Ten tweede wil ik u wel zeggen dat mijn ex-collega, Geert Bourgeois, dit beleid sinds 2005 heeft gevoerd, dat het juridisch advies binnen is sinds februari 2006 en dat ik ervan uitga dat er zich een aantal maanden na het vertrek van Geert Bourgeois geen significante nieuwe elementen meer aandienen. Mocht daar een misverstand over bestaan, dan zeg ik in alle duidelijkheid dat ik niet zie dat er sinds het vertrek van minister Bourgeois ook maar één jota aan werd toegevoegd of dat ik de indruk heb of zou overwegen dat we onze positie moeten veranderen.
De voorzitter: De heer De Bruyn heeft het woord.

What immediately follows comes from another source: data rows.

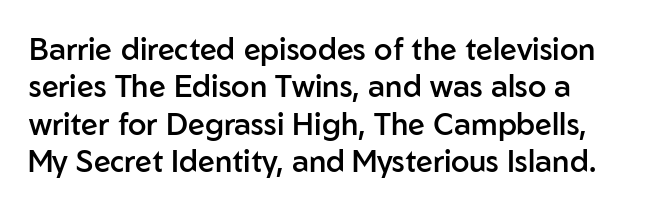
The image shows 30 px semibold sans-serif type, upright; set normal line spacing (1.25x), normal letter spacing, not underlined; low stroke contrast and a medium x-height.
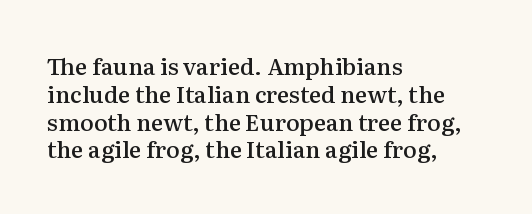
{"italic": "no", "bold": "semi", "underline": "no", "align": "left", "line_spacing_ratio": 1.21, "letter_spacing": "normal", "letter_spacing_em": 0.0, "glyph_px": 23}
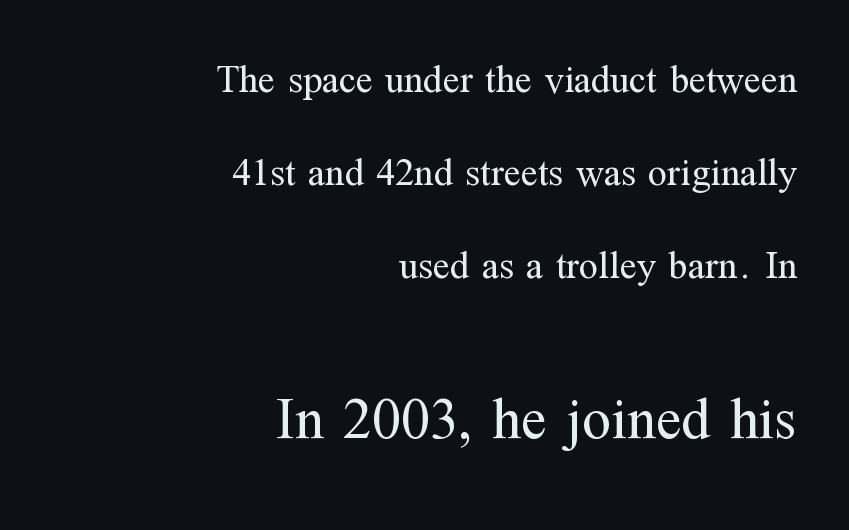
{"serif": "yes", "italic": "no", "bold": "no", "weight": "regular", "width": "normal", "stroke_contrast": "medium", "x_height": "medium", "monospaced": "no", "underline": "no", "align": "right", "line_spacing": "loose", "line_spacing_ratio": 2.38, "letter_spacing": "normal", "letter_spacing_em": 0.0, "larger_block": "second", "size_ratio": 1.51, "glyph_px": 59}
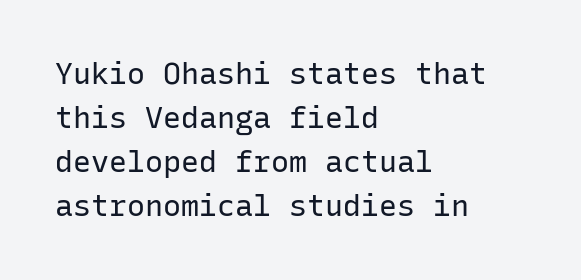
The rendering shows plain stroke endings on the letterforms — a sans-serif design. The characters are drawn with everyday or finer stroke widths. A classic flush-left, rag-right setting is used for this passage. A clean baseline with only descenders dipping below it. Italic: no, the glyphs are upright roman. Is this a fixed-width face? Yes — each glyph sits in an identical cell.
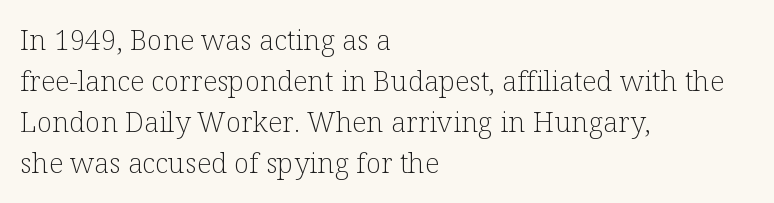
Font category for this specimen: serif. This sample is left-justified, so line endings fall wherever the words run out. The passage shown has conventional tracking throughout. The typeface has the unassuming heft of standard copy or less.
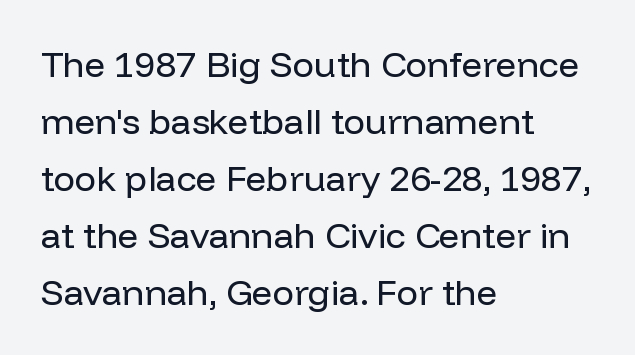
{"serif": "no", "italic": "no", "bold": "no", "weight": "regular", "width": "normal", "stroke_contrast": "low", "x_height": "medium", "monospaced": "no", "underline": "no", "align": "left", "line_spacing": "normal", "line_spacing_ratio": 1.58, "letter_spacing": "normal", "letter_spacing_em": 0.0, "glyph_px": 36}
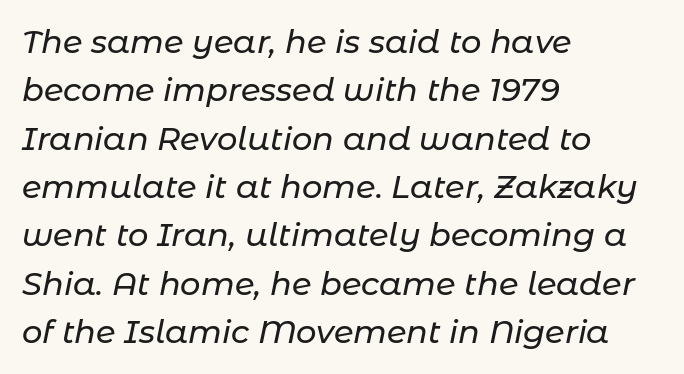
This sample is left-justified, so line endings fall wherever the words run out. Quick note: italic. The strip under each line holds only bare page. Glyph-to-glyph distance matches everyday printed text. The passage shown is typed in a proportional face where columns would drift.
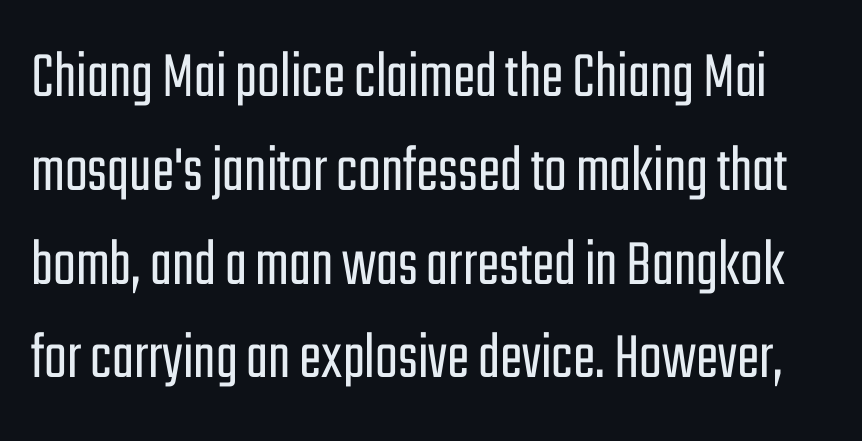
The image shows 67 px light, condensed sans-serif type, upright; set normal line spacing (1.4x), normal letter spacing, not underlined; low stroke contrast and a medium x-height.
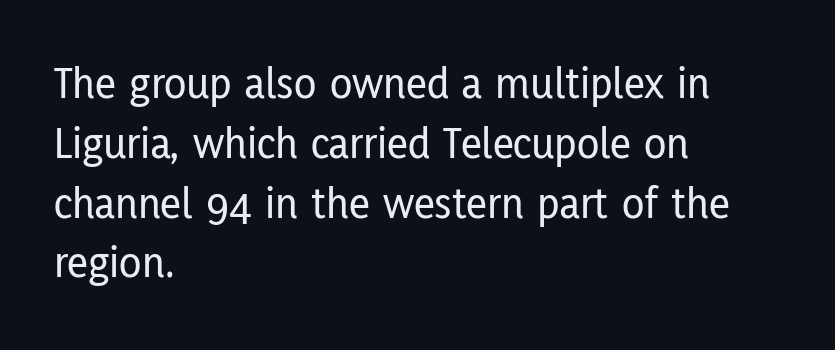
This sample is left-justified, so line endings fall wherever the words run out. Type style note: lacks serifs. Spacing verdict: proportional, widths tailored to each character. The typography opts for an upright posture over an oblique one. Descenders are the only things crossing below the line. What's the leading like? Ordinary, nothing unusual.
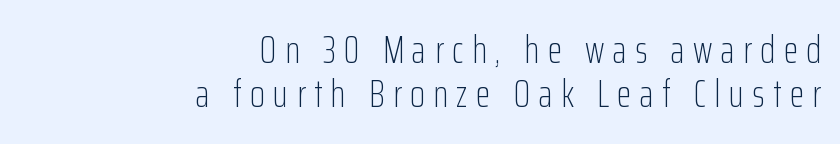
The letterforms stand isolated, each surrounded by extra space. Varying glyph widths throughout — classic text-font behaviour. Casual observation: everything's shoved over to the right. Descenders are the only things crossing below the line. Stem width sits at or under what a default text font uses. Nothing sits at the stroke ends, so this counts as sans-serif.

De heer Piet De Bruyn: Ik denk niet dat ik daarnaar heb verwezen. Dat was zeker niet mijn bedoeling. Ongeacht van wie op een ander tijdstip een beleid had moeten uitvoeren, blijf ik met de vraag zitten dat ik vaststel dat we in 2005 een engagementsverklaring zijn aangegaan waarvan nu wordt gezegd dat we die niet meer activeren. Ik stel de vraag, en had minister Bourgeois daar gezeten, dan had ik exact dezelfde vraag gesteld, waar en wanneer men heeft beslist om het engagement dat in 2005 werd aangegaan, niet verder uit te voeren. Deze vraag stel ik aan u, nu, maar had ik evenzeer aan de heer Bourgeois kunnen stellen.
Minister-president Kris Peeters: Ik bezit die bevoegdheden, maar ik stel voor, mijnheer de voorzitter, daar we hier dieper op ingaan bij de bespreking van de beleidsbrief.
De voorzitter: Het incident is gesloten.